Pour en revenir au babenda, nous les mossé nous nous en tenons aux ingrediens suivant : le mil ou le maïs entiers et écrasés grossièrement, le soumbala, les feuilles de haricot œil noir (faute de mieux le boromburu), la levure de la bière de mil et l’oseille (ou bito et faute de mieux le berenga). Attention à la préparation : bouillir d’abord les feuilles de haricot (et du boromburu si l’on veut) dans l’eau. on aurait auparavant ajouté la levure, le soumbala. Et quand l’eau recommence à bouillir avec les feuilles ajouter de la potasse assez. Cela a pour effet de ramollir les feuilles (et la viande du gibier s’il y en a) et de les cuire à point. Ensuite on ajoute l’oseille ou le berenga (ou les deux) dont l’aigreur ou l’amertume devrait s’équilibrer avec la potasse. Aussi l’onctuosité du menu ajoutée au beurre de karité n’a rien à envier à la succulence des plats réguliers. Parfois on peut ajouter, comme mentionné plus haut du gibier ramené de la chasse par le maître de la maison.

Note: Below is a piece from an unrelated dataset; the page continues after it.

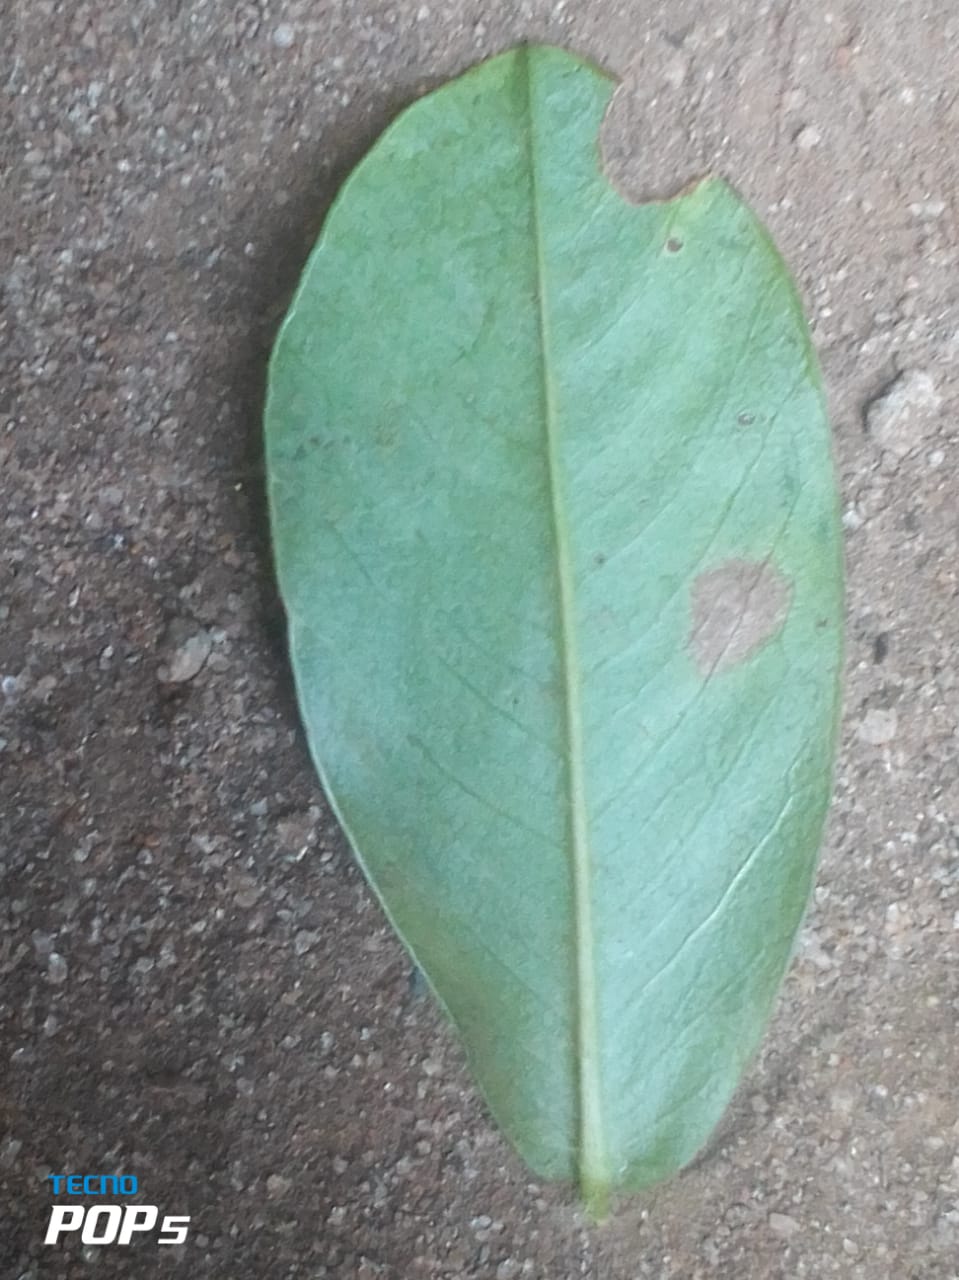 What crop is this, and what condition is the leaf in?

peanut, nothapassalora personata
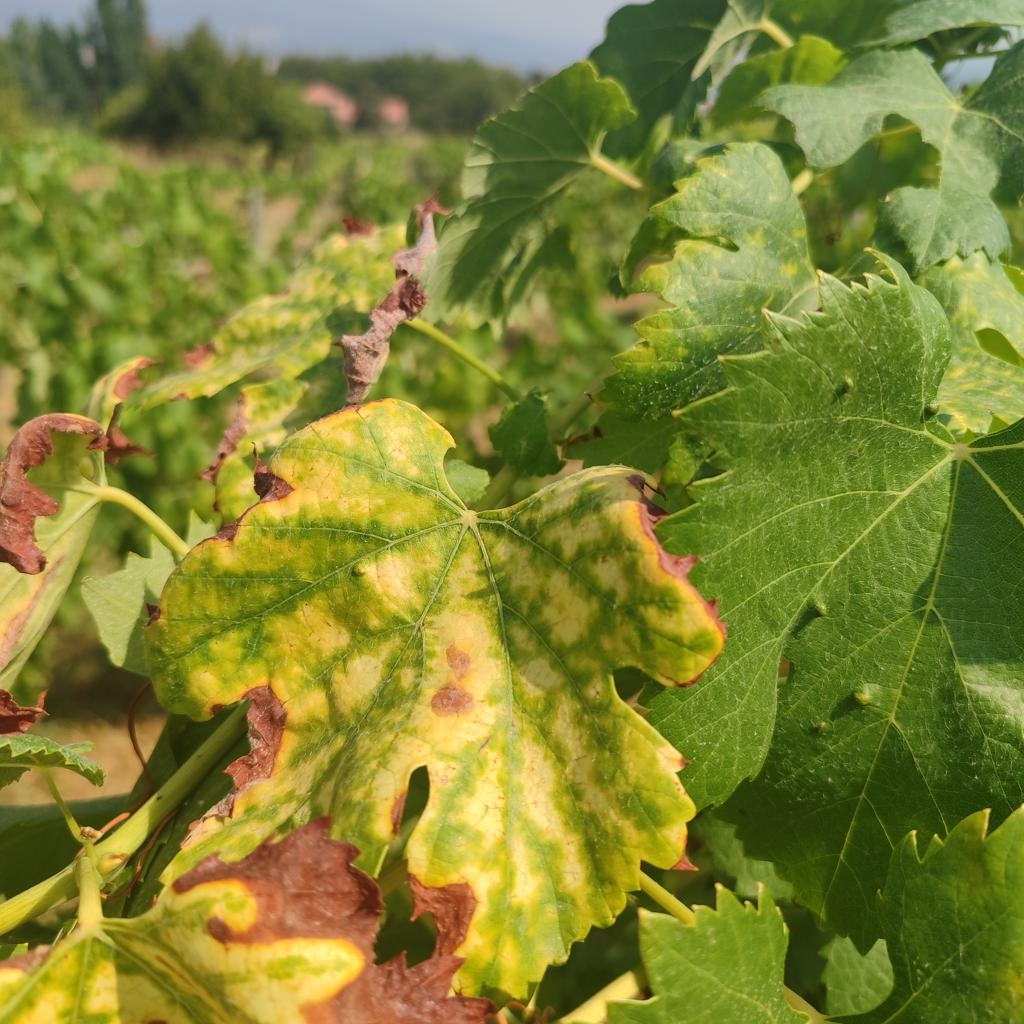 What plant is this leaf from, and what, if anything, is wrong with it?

grapevine, esca complex

Le babenda au départ était la nourriture des très pauvres. Mais surtout en période de soudure, tout le monde était à la même enseigne de la pauvreté. Il fallait trouver, de quoi survivre au dénuement total de ce manque de vivres. Trouver donc des expédients pour couper la faim en attendant les jours fastes des riliré et autre fête des ancêtres et cacher la honte devant ce fléau et sauvegarder la dignité aux yeux des enfants dont on a la responsabilité. C’était donc pour les adultes comme un cache-sexe qui tromperait la nudité corporelle. Mais au moins, ils s’en consolaient en comparaison du chien qui, lui, ne pouvait compter que sur ce même repas. Signe que lui aussi avait faim et rasait les murs la queue entre ses pattes tout aussi craintif comme pour cacher son sexe dans toute sa nudité malingre, méconnaissable du chien vigoureux de garde ou de chasse.
Dans notre monde d’abondance avec ses obésités, ses cholestérols, ses arthrites et arthroses, on commence à découvrir la richesse et les vertus du fait des oligo-éléments que ce plat renferme et à comprendre la longévité de nos parents et grands-parents. Aujourd’hui bien de femmes enceintes font leur cure d’albuminurie avec le babenda car il se mange bien sans sel. D’ailleurs la potasse et les feuilles aigres des hibiscus se combinent pour donner un sel, peut-être pas très perceptible au goût, mais il y a bien un arôme qui permet qu’on puisse bien se passer du vrai sel de cuisine. Du reste d’ailleurs les feuilles du bérenga bien cuit ensuite égoutté et bien malaxé avec de la potasse, se déguste bien également avec un filet d’huile ou du beurre de karité. Nos mamans, sans pruderie, appelaient ce plat : Biinda-raré pour désigner le plat du jour. J’espère que vous auriez compris l’analogie de cette terminologie qui indique qu’après avoir ingurgité un tel repas, on le restitue tel quel à la nature.
Cependant, je me garderai bien de bouder le plat d’ Adonija, car avec ses ingredients, cela semble bien plus succulent au goût, surtout l’oignon qui selon encore les scientifiques auraient les mêmes vertus que nos feuilles décrites plus haut. Et puis en plus, il est toujours intéressant d’explorer d’autres recettes comme on explorerait d’autres régions, d’autres peuples, car on y gagne en valeurs sociales comme de la diversité à l’union sacrée, économiques comme l’esprit d’entreprise ou de création et politiques comme ciment relationnel.